## AIM OF THE EXERCISE
Return only this: the line with "Orientation: axial" and all the lines that follow it below, through the final one, exactly as they are.

## MATERIAL SHOWN
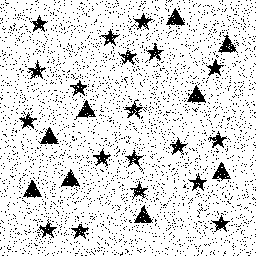
Squares: 0
Triangles: 9
Stars: 19
Total shapes: 28
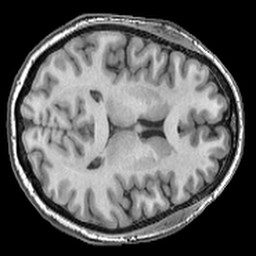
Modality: T1w
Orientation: axial
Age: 36
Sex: female
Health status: ill
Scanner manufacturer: ge
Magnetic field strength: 3 T
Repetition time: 0.008164 s
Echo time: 0.003184 s

## EXERCISE SOLUTION
Orientation: axial
Age: 36
Sex: female
Health status: ill
Scanner manufacturer: ge
Magnetic field strength: 3 T
Repetition time: 0.008164 s
Echo time: 0.003184 s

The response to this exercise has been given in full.